Si les chercheurs du Ridi consacrent autant d’efforts à l’étude du système immunitaire des insectes, c’est que ces derniers sont loin d’être passifs face aux pathogènes qu’ils véhiculent. « Les insectes, qui représentent une biodiversité très importante, ont co-évolué avec des bactéries, des virus, des champignons pendant des centaines de millions d’années. Ce faisant, ils ont développé des mécanismes de défense efficaces ». Certaines lignées de moustiques parviennent ainsi à éliminer de leur organisme le parasite responsable du paludisme. Si bien que ces diptères ne transmettent pas la maladie à l’homme. Décrypter les dessous génétiques de ces mécanismes développés au cours de l’évolution apparaît donc comme une stratégie de recherche prometteuse pour développer de nouvelles cibles thérapeutiques. « Si un insecte a trouvé une faille chez un virus ou un parasite et s’en sert pour le neutraliser, nous avons tout intérêt à comprendre comment il s’y prend », fait valoir Jean-Luc Imler.

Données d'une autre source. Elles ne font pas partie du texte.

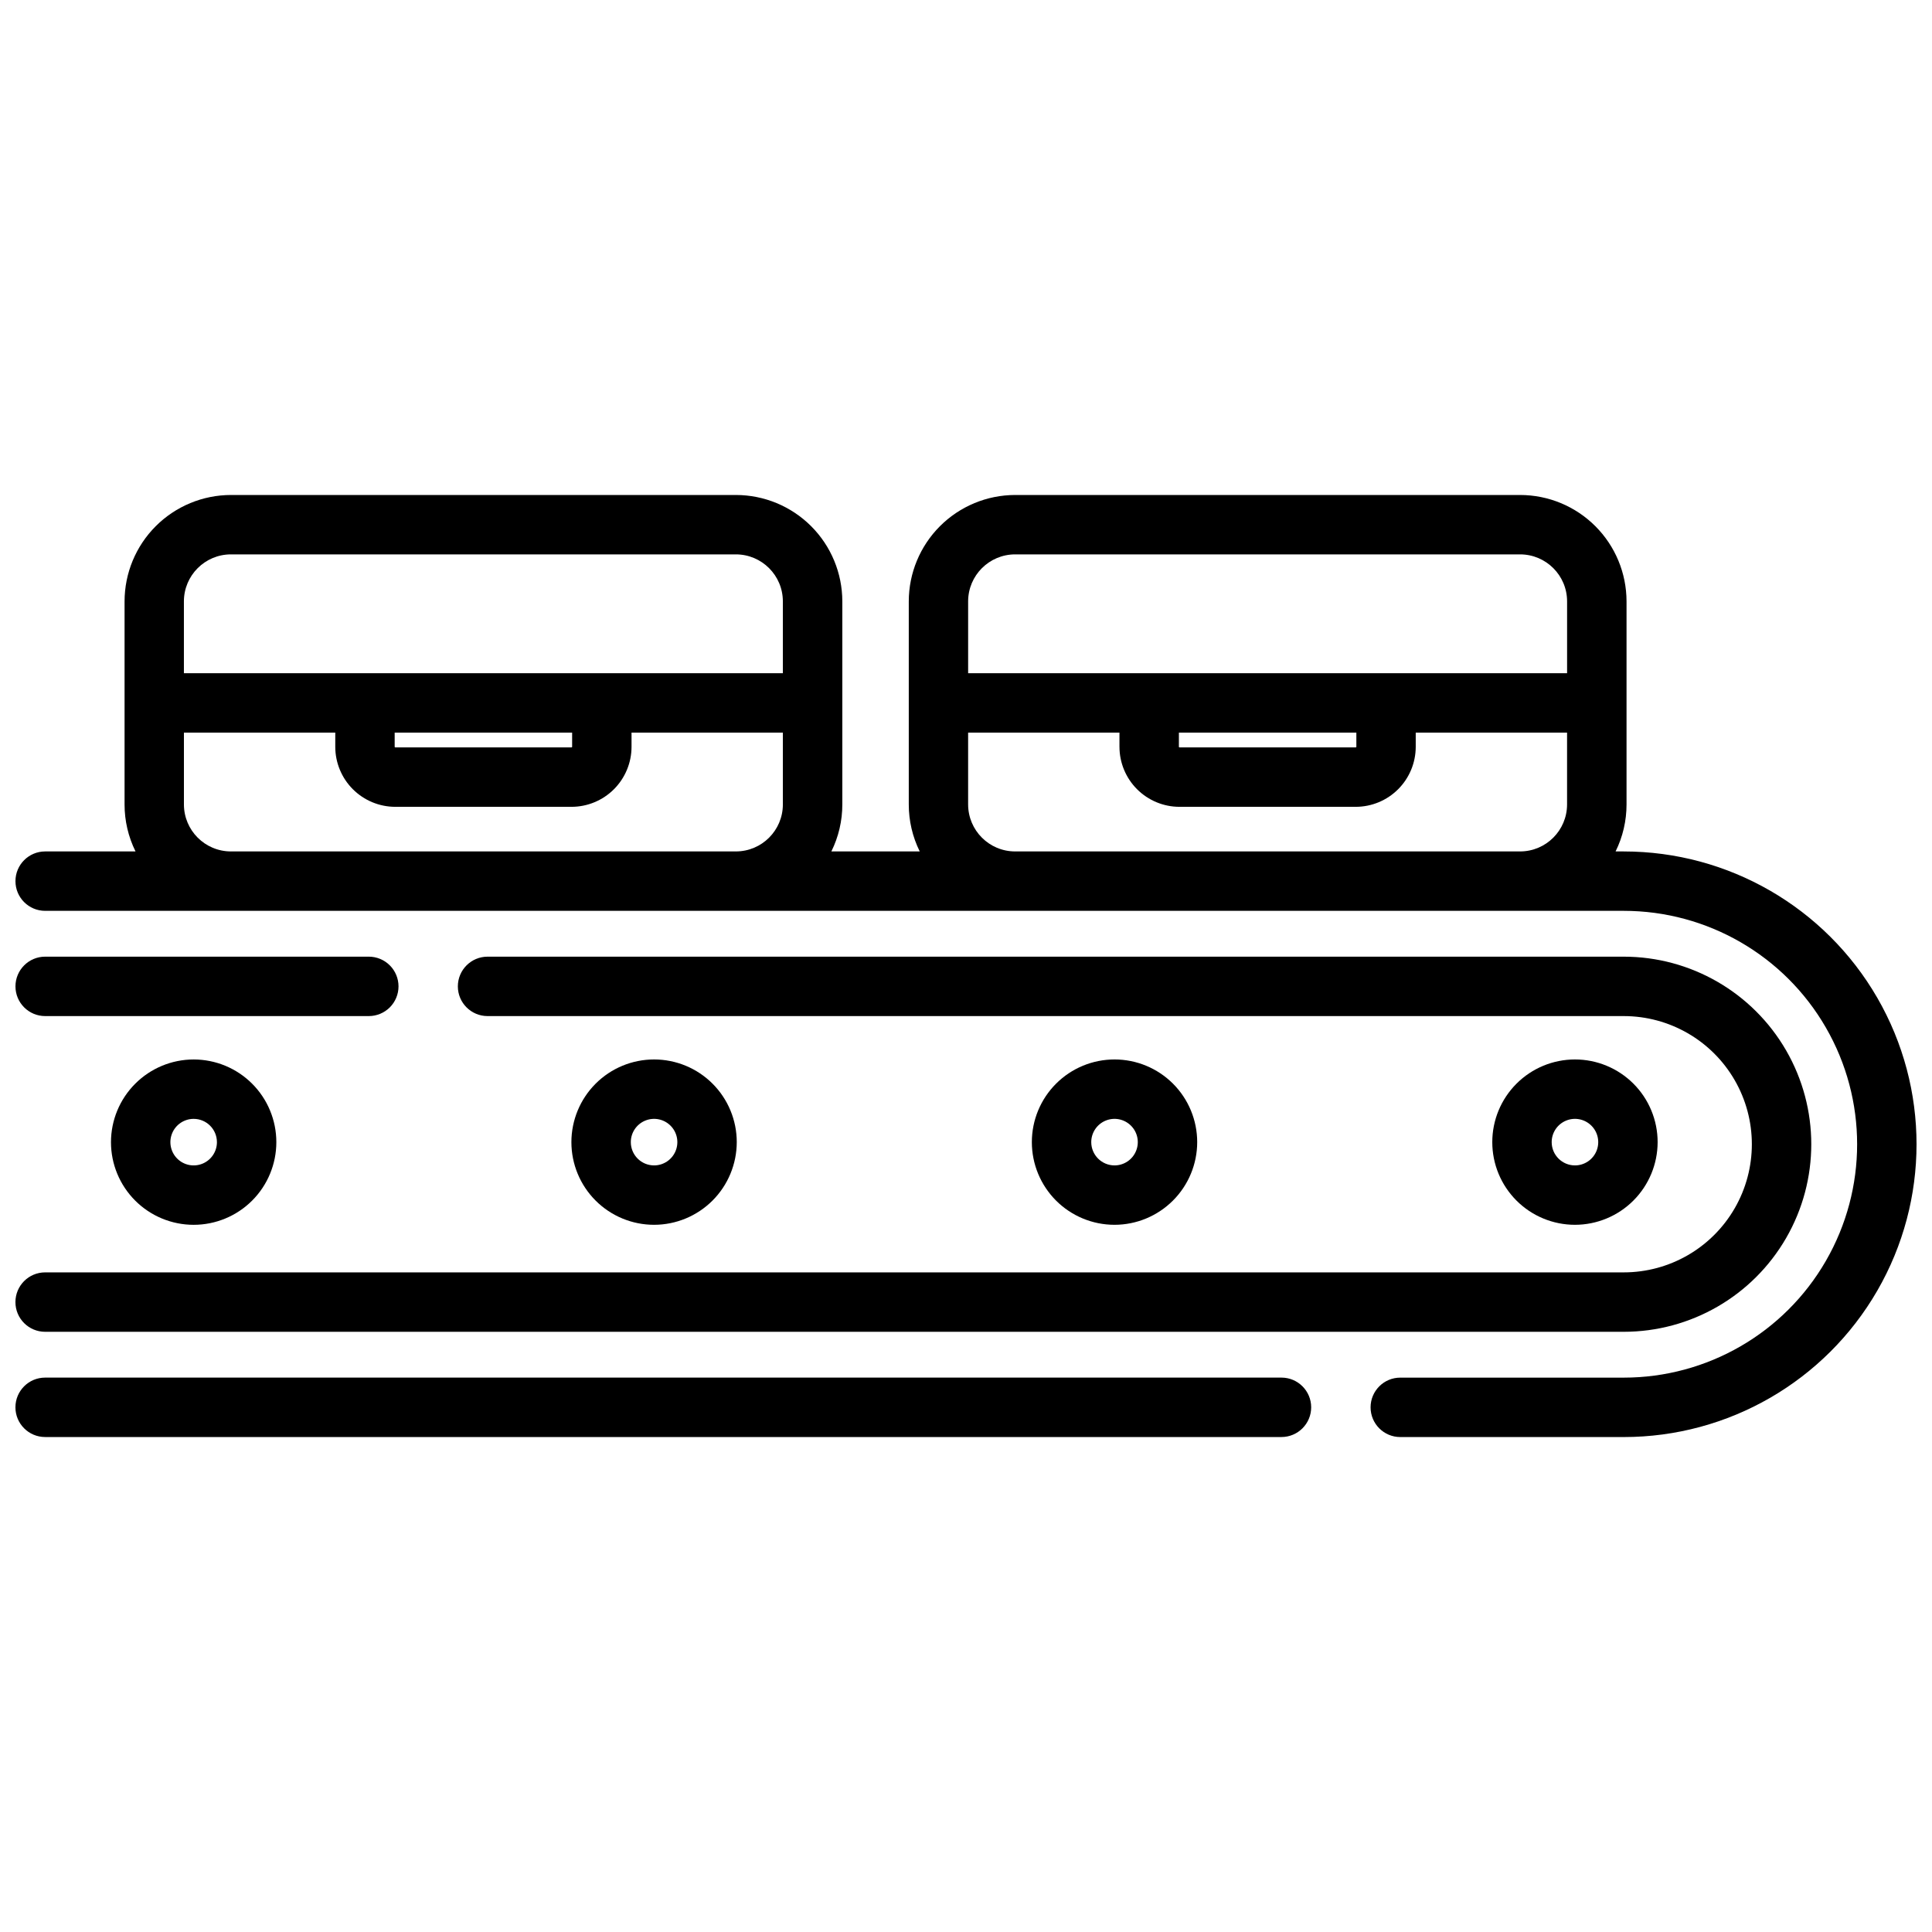 <?xml version="1.0" encoding="UTF-8"?>
<!-- Uploaded to: ICON Repo, www.iconrepo.com, Generator: ICON Repo Mixer Tools -->
<svg width="800px" height="800px" version="1.1" viewBox="144 144 512 512" xmlns="http://www.w3.org/2000/svg">
 <defs>
  <clipPath id="d">
   <path d="m148.09 509h343.91v16h-343.91z"/>
  </clipPath>
  <clipPath id="c">
   <path d="m148.09 275h503.81v250h-503.81z"/>
  </clipPath>
  <clipPath id="b">
   <path d="m148.09 397h101.91v17h-101.91z"/>
  </clipPath>
  <clipPath id="a">
   <path d="m148.09 397h476.91v100h-476.91z"/>
  </clipPath>
 </defs>
 <g clip-path="url(#d)">
  <path d="m483.6 509.08h-327.64c-4.348 0-7.871 3.523-7.871 7.871s3.523 7.875 7.871 7.875h327.64c4.348 0 7.875-3.527 7.875-7.875s-3.527-7.871-7.875-7.871z"/>
 </g>
 <g clip-path="url(#c)">
  <path d="m574.31 369.64h-2.164c1.914-3.871 2.906-8.133 2.902-12.449v-53.824c-0.008-7.477-2.981-14.641-8.266-19.926s-12.449-8.258-19.926-8.266h-133.83c-7.477 0.008-14.641 2.981-19.926 8.266s-8.258 12.449-8.266 19.926v53.824c-0.004 4.316 0.988 8.578 2.906 12.449h-23.422c1.914-3.871 2.91-8.133 2.906-12.449v-53.824c-0.008-7.477-2.981-14.641-8.266-19.926-5.285-5.285-12.453-8.258-19.926-8.266h-133.83c-7.477 0.008-14.641 2.981-19.926 8.266-5.285 5.285-8.258 12.449-8.266 19.926v53.824c-0.004 4.316 0.988 8.578 2.906 12.449h-23.949c-4.348 0-7.871 3.523-7.871 7.871 0 4.348 3.523 7.871 7.871 7.871h418.34c22.098 0 42.516 11.789 53.562 30.926 11.051 19.137 11.051 42.715 0 61.852-11.047 19.137-31.465 30.926-53.562 30.926h-59.219c-4.348 0-7.871 3.523-7.871 7.871s3.523 7.875 7.871 7.875h59.219c27.723 0 53.336-14.793 67.199-38.801 13.859-24.008 13.859-53.586 0-77.594-13.863-24.008-39.477-38.797-67.199-38.797zm-161.29-78.719 133.83-0.004c6.871 0.008 12.438 5.578 12.445 12.449v19.039h-158.73v-19.039c0.008-6.871 5.578-12.441 12.449-12.449zm43.402 47.23h47.027v3.769c0 0.086-0.07 0.152-0.156 0.152h-46.719c-0.086 0-0.156-0.066-0.156-0.152zm-251.23-47.23 133.83-0.004c6.871 0.008 12.441 5.578 12.445 12.449v19.039h-158.73v-19.039c0.008-6.871 5.578-12.441 12.449-12.449zm43.402 47.23h47.027v3.769c0 0.086-0.07 0.156-0.156 0.152h-46.715c-0.086 0-0.156-0.066-0.156-0.152zm-43.402 31.488c-6.871-0.008-12.441-5.578-12.449-12.449v-19.039h40.109v3.769c0.004 4.215 1.68 8.254 4.66 11.234 2.981 2.981 7.023 4.66 11.238 4.664h46.711c4.215-0.004 8.258-1.68 11.238-4.66s4.66-7.023 4.664-11.238v-3.769h40.105v19.039c-0.008 6.871-5.574 12.441-12.445 12.449zm207.82 0c-6.871-0.008-12.438-5.578-12.449-12.449v-19.039h40.105v3.769h0.004c0.004 4.215 1.68 8.254 4.66 11.234 2.981 2.981 7.023 4.66 11.238 4.664h46.715c4.215-0.004 8.258-1.68 11.238-4.664 2.981-2.981 4.656-7.019 4.66-11.234v-3.769h40.105v19.039c-0.008 6.871-5.574 12.441-12.445 12.449z"/>
 </g>
 <g clip-path="url(#b)">
  <path d="m249.61 405.4c0-2.09-0.828-4.09-2.305-5.566-1.477-1.477-3.481-2.309-5.566-2.309h-85.77c-4.348 0-7.871 3.527-7.871 7.875 0 4.348 3.523 7.871 7.871 7.871h85.77c2.086 0 4.09-0.832 5.566-2.305 1.477-1.477 2.305-3.481 2.305-5.566z"/>
 </g>
 <g clip-path="url(#a)">
  <path d="m155.96 496.94h418.34c17.758 0 34.168-9.477 43.047-24.855 8.879-15.379 8.879-34.324 0-49.703-8.879-15.379-25.289-24.855-43.047-24.855h-301.09c-4.348 0-7.875 3.527-7.875 7.875 0 4.348 3.527 7.871 7.875 7.871h301.09c12.133 0 23.344 6.473 29.41 16.98s6.066 23.453 0 33.961c-6.066 10.508-17.277 16.98-29.41 16.98h-418.34c-4.348 0-7.871 3.527-7.871 7.875s3.523 7.871 7.871 7.871z"/>
 </g>
 <path d="m173.41 446.68c0 5.812 2.309 11.383 6.418 15.492s9.684 6.418 15.492 6.418c5.812 0 11.387-2.309 15.496-6.418 4.109-4.109 6.418-9.68 6.418-15.492s-2.309-11.383-6.418-15.492c-4.109-4.109-9.684-6.418-15.496-6.418-5.809 0.004-11.375 2.316-15.484 6.426-4.109 4.106-6.418 9.676-6.426 15.484zm28.078 0c0 2.492-1.504 4.742-3.805 5.695-2.305 0.957-4.957 0.43-6.723-1.336-1.762-1.762-2.289-4.414-1.336-6.719 0.953-2.305 3.203-3.809 5.695-3.809 3.406 0.004 6.164 2.762 6.168 6.168z"/>
 <path d="m339.25 446.68c0-5.812-2.309-11.387-6.418-15.496-4.106-4.109-9.68-6.418-15.492-6.418s-11.383 2.309-15.492 6.418c-4.109 4.109-6.418 9.68-6.422 15.492 0 5.812 2.309 11.383 6.418 15.492 4.109 4.109 9.684 6.418 15.496 6.418 5.809-0.004 11.375-2.316 15.484-6.422 4.106-4.106 6.418-9.676 6.426-15.484zm-28.078 0c0-2.496 1.5-4.742 3.805-5.699 2.305-0.957 4.957-0.43 6.723 1.336 1.762 1.762 2.293 4.414 1.336 6.719-0.953 2.305-3.203 3.809-5.695 3.809-3.406-0.004-6.164-2.762-6.168-6.164z"/>
 <path d="m461.27 446.68c0-5.812-2.309-11.387-6.414-15.496-4.109-4.109-9.684-6.418-15.496-6.418-5.809 0-11.383 2.309-15.492 6.418-4.109 4.109-6.418 9.68-6.418 15.492s2.309 11.383 6.414 15.492c4.109 4.109 9.684 6.418 15.496 6.418 5.809-0.004 11.375-2.316 15.484-6.422 4.109-4.106 6.418-9.676 6.426-15.484zm-28.078 0c0-2.496 1.5-4.742 3.805-5.699 2.305-0.957 4.957-0.43 6.723 1.336 1.766 1.762 2.293 4.414 1.336 6.719-0.953 2.305-3.203 3.809-5.695 3.809-3.402-0.004-6.16-2.762-6.168-6.164z"/>
 <path d="m583.29 446.68c0-5.812-2.305-11.387-6.414-15.496-4.109-4.109-9.684-6.418-15.492-6.418-5.812 0-11.387 2.309-15.496 6.418-4.109 4.109-6.418 9.68-6.418 15.492s2.309 11.383 6.418 15.492c4.109 4.109 9.68 6.418 15.492 6.418 5.809-0.004 11.379-2.316 15.484-6.422 4.109-4.106 6.418-9.676 6.426-15.484zm-28.078 0c0-2.496 1.5-4.742 3.805-5.699 2.305-0.957 4.957-0.43 6.723 1.336 1.766 1.762 2.293 4.414 1.34 6.719-0.957 2.305-3.203 3.809-5.699 3.809-3.402-0.004-6.16-2.762-6.168-6.164z"/>
</svg>

Chaque année,  800 000 personnes succombent aux maladies infectieuses transmises par les moustiques. « Les virus sont des menaces émergentes et imprévisibles, prévient le chercheur. Dans quelques années, il y a tout à craindre qu’un nouveau Zika fasse son apparition. » Face à cette éventualité, le futur insectarium, prévu pour être opérationnel fin 2017, constituera une plateforme expérimentale précieuse.